(Collected data)
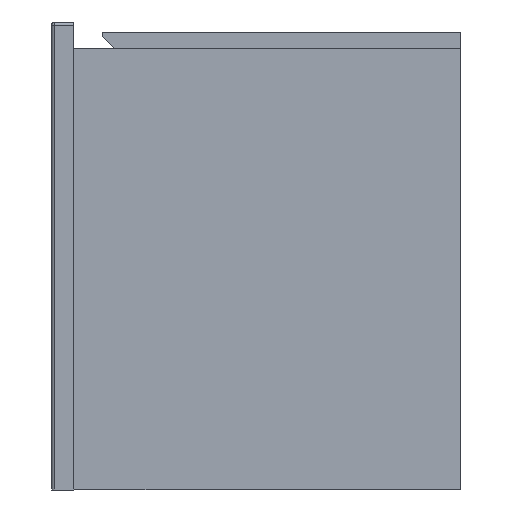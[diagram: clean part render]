
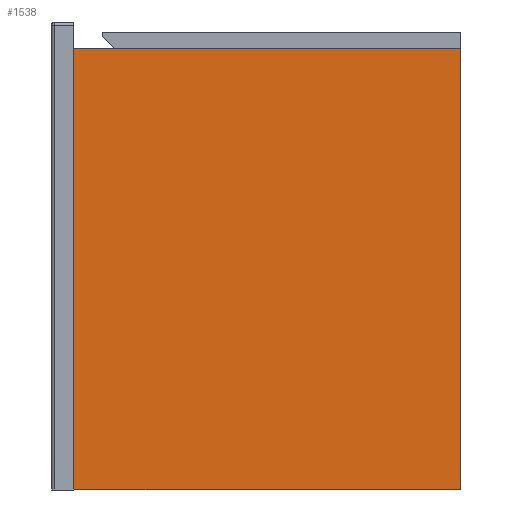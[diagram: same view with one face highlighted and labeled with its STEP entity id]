
A CAD part, left-side view. The second image highlights one B-rep face of the part: STEP entity #1538.
In plain terms, the highlighted planar face has unit normal (-1, 0, 0).
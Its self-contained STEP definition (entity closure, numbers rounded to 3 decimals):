
#89 = CARTESIAN_POINT ( 'NONE',  ( -594., 190., 434. ) ) ;
#128 = ORIENTED_EDGE ( 'NONE', *, *, #2818, .T. ) ;
#252 = VERTEX_POINT ( 'NONE', #2775 ) ;
#343 = AXIS2_PLACEMENT_3D ( 'NONE', #2868, #1300, #2930 ) ;
#406 = EDGE_CURVE ( 'NONE', #809, #579, #1985, .T. ) ;
#426 = VECTOR ( 'NONE', #930, 1000. ) ;
#510 = FACE_OUTER_BOUND ( 'NONE', #2023, .T. ) ;
#579 = VERTEX_POINT ( 'NONE', #824 ) ;
#736 = PLANE ( 'NONE',  #343 ) ;
#809 = VERTEX_POINT ( 'NONE', #2261 ) ;
#824 = CARTESIAN_POINT ( 'NONE',  ( -594., -190., 0. ) ) ;
#828 = VECTOR ( 'NONE', #1034, 1000. ) ;
#930 = DIRECTION ( 'NONE',  ( 0., 1., 0. ) ) ;
#1010 = CARTESIAN_POINT ( 'NONE',  ( -594., 190., 0. ) ) ;
#1034 = DIRECTION ( 'NONE',  ( 0., 0., -1. ) ) ;
#1094 = VECTOR ( 'NONE', #2637, 1000. ) ;
#1193 = CARTESIAN_POINT ( 'NONE',  ( -594., 190., 434. ) ) ;
#1300 = DIRECTION ( 'NONE',  ( -1., 0., 0. ) ) ;
#1439 = ORIENTED_EDGE ( 'NONE', *, *, #1577, .F. ) ;
#1481 = LINE ( 'NONE', #89, #828 ) ;
#1491 = VECTOR ( 'NONE', #2146, 1000. ) ;
#1538 = ADVANCED_FACE ( 'NONE', ( #510 ), #736, .T. ) ;
#1577 = EDGE_CURVE ( 'NONE', #579, #2950, #1700, .T. ) ;
#1645 = CARTESIAN_POINT ( 'NONE',  ( -594., -190., 434. ) ) ;
#1700 = LINE ( 'NONE', #3042, #426 ) ;
#1772 = ORIENTED_EDGE ( 'NONE', *, *, #406, .F. ) ;
#1872 = ORIENTED_EDGE ( 'NONE', *, *, #3022, .T. ) ;
#1985 = LINE ( 'NONE', #1645, #1491 ) ;
#2023 = EDGE_LOOP ( 'NONE', ( #1439, #1772, #128, #1872 ) ) ;
#2146 = DIRECTION ( 'NONE',  ( 0., 0., -1. ) ) ;
#2261 = CARTESIAN_POINT ( 'NONE',  ( -594., -190., 434. ) ) ;
#2637 = DIRECTION ( 'NONE',  ( 0., 1., 0. ) ) ;
#2718 = LINE ( 'NONE', #1193, #1094 ) ;
#2775 = CARTESIAN_POINT ( 'NONE',  ( -594., 190., 434. ) ) ;
#2818 = EDGE_CURVE ( 'NONE', #809, #252, #2718, .T. ) ;
#2868 = CARTESIAN_POINT ( 'NONE',  ( -594., 190., 434. ) ) ;
#2930 = DIRECTION ( 'NONE',  ( 0., -1., 0. ) ) ;
#2950 = VERTEX_POINT ( 'NONE', #1010 ) ;
#3022 = EDGE_CURVE ( 'NONE', #252, #2950, #1481, .T. ) ;
#3042 = CARTESIAN_POINT ( 'NONE',  ( -594., 190., 0. ) ) ;

◆ WHAT THE EXERCISE ASKS: The reply should hold only the lines from the first line of the records above through the line containing "#343 = AXIS2_PLACEMENT_3D", copied exactly and without pictures.

◆ WRITTEN RESPONSE:
[diagram: clean part render]
[diagram: same view with one face highlighted and labeled with its STEP entity id]
A CAD part, left-side view. The second image highlights one B-rep face of the part: STEP entity #1538.
In plain terms, the highlighted planar face has unit normal (-1, 0, 0).
Its self-contained STEP definition (entity closure, numbers rounded to 3 decimals):
#89 = CARTESIAN_POINT ( 'NONE',  ( -594., 190., 434. ) ) ;
#128 = ORIENTED_EDGE ( 'NONE', *, *, #2818, .T. ) ;
#252 = VERTEX_POINT ( 'NONE', #2775 ) ;
#343 = AXIS2_PLACEMENT_3D ( 'NONE', #2868, #1300, #2930 ) ;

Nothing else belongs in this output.